As can be seen from FIG. 6, the TNF-. alpha.content was increased in the model group compared to the blank group, and the TNF-. alpha.content was significantly decreased in the bifendate group and the oyster peptide low, medium and high dose groups compared to the model group (P < 0.01).

5.4 Effect of oyster peptides on AST and ALT in serum of model mice.

As can be seen from fig. 7, the AST and ALT contents were increased in the model group compared to the blank group (P <0.01), and the AST and ALT contents were significantly decreased in the low, medium and high dose groups of bifendate and oyster peptide (P <0.01) compared to the model group.
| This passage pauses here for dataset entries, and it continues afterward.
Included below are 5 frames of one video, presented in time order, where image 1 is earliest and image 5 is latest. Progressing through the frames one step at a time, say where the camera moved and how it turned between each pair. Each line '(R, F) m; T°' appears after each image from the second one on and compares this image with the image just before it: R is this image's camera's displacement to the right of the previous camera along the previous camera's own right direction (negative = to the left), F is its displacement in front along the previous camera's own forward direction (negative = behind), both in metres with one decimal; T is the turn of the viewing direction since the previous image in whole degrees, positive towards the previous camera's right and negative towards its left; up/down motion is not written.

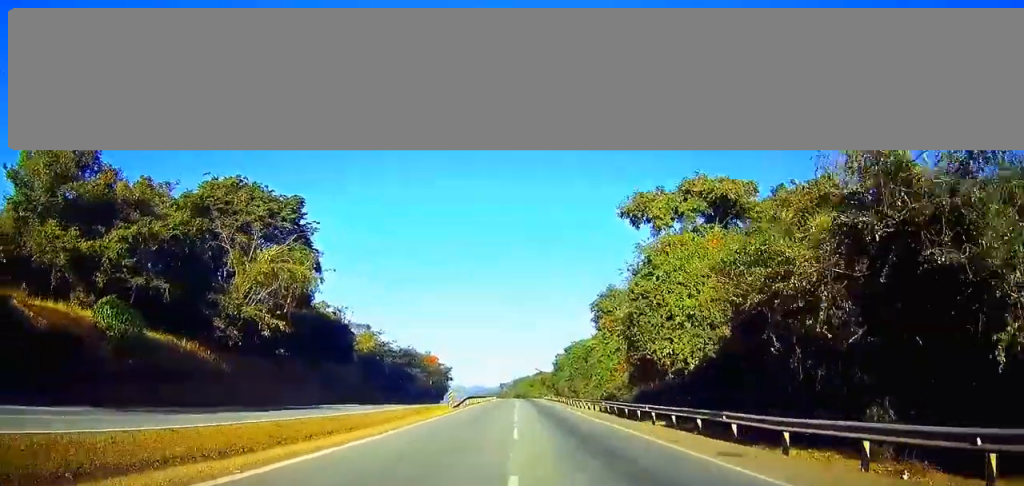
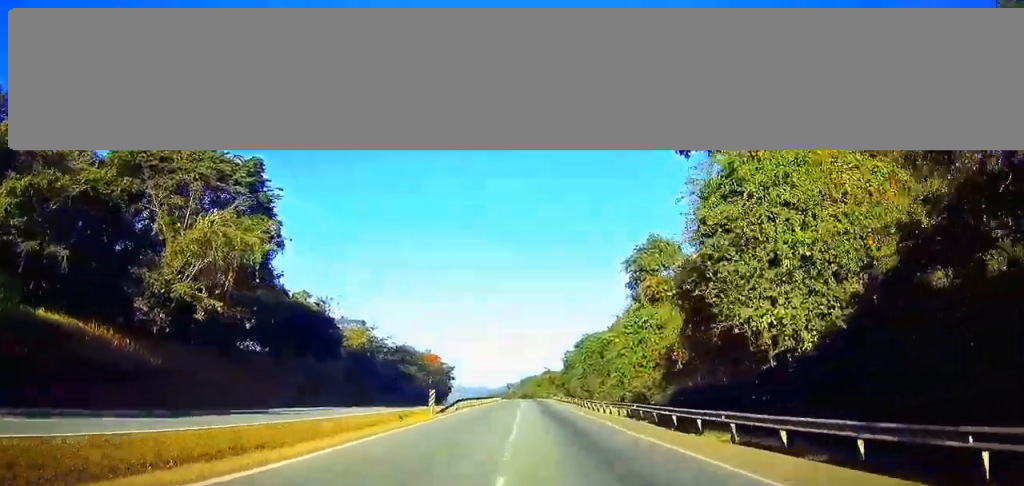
(0.0, +11.9) m; 0°
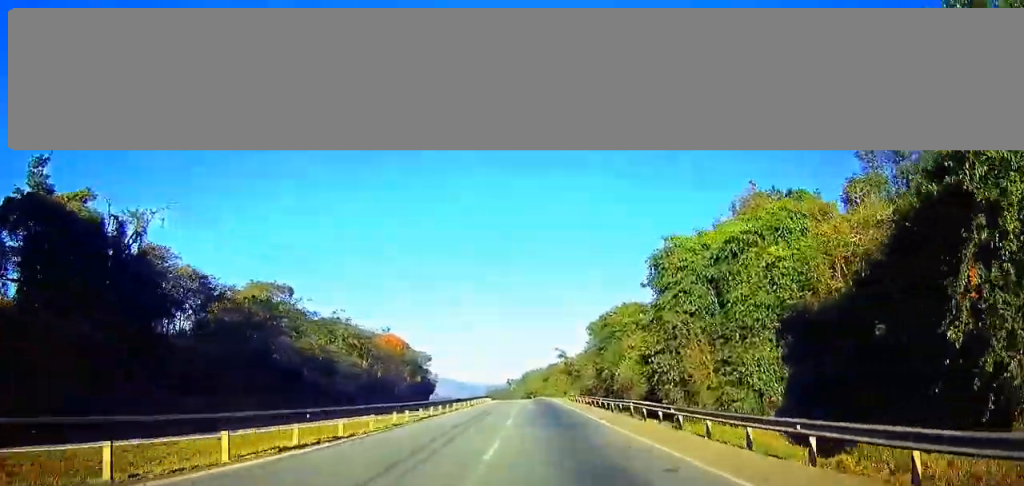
(-0.5, +50.4) m; -1°
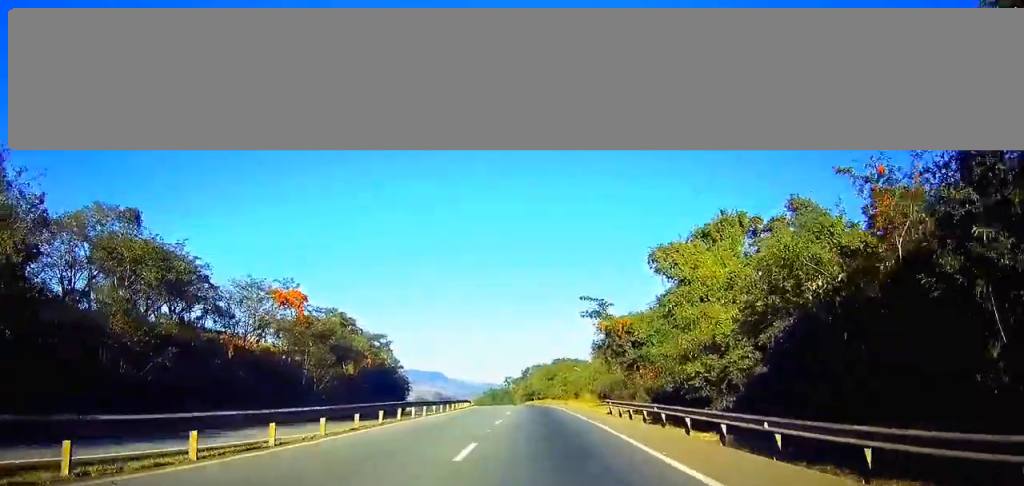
(+0.1, +47.3) m; 0°
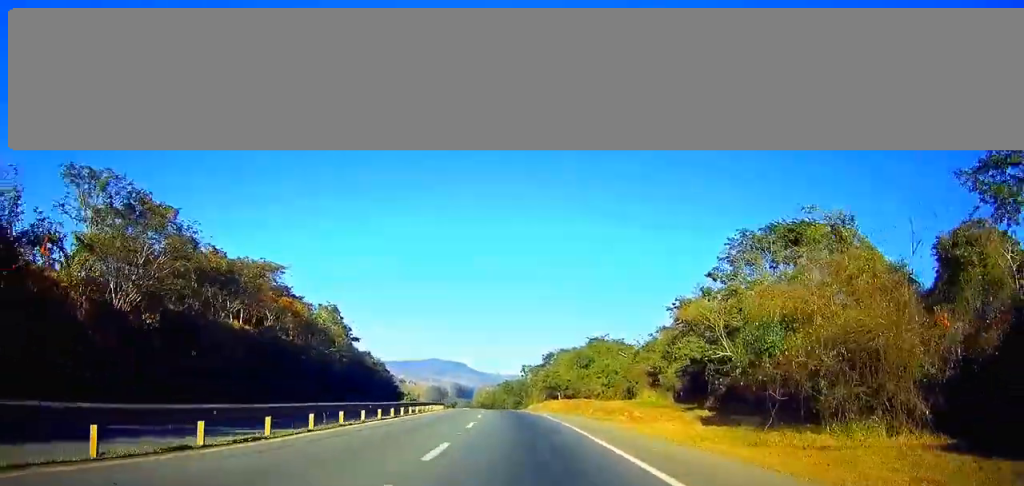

The embodiment proves that the oyster peptide has a protective effect on mice with alcoholic liver injury, can reduce the ALT and AST content in the serum of the mice, improve the contents of peroxidase SOD and GSH, reduce the MDA content, relieve the oxidative stress of organisms and reduce the levels of inflammatory factors IL-1 beta, IL-6 and TNF-alpha in the liver tissues of the mice.

The above description is only for the preferred embodiment of the present invention, but the scope of the present invention is not limited thereto, and any person skilled in the art should be able to cover the technical solutions and the inventive concepts of the present invention within the technical scope of the present invention.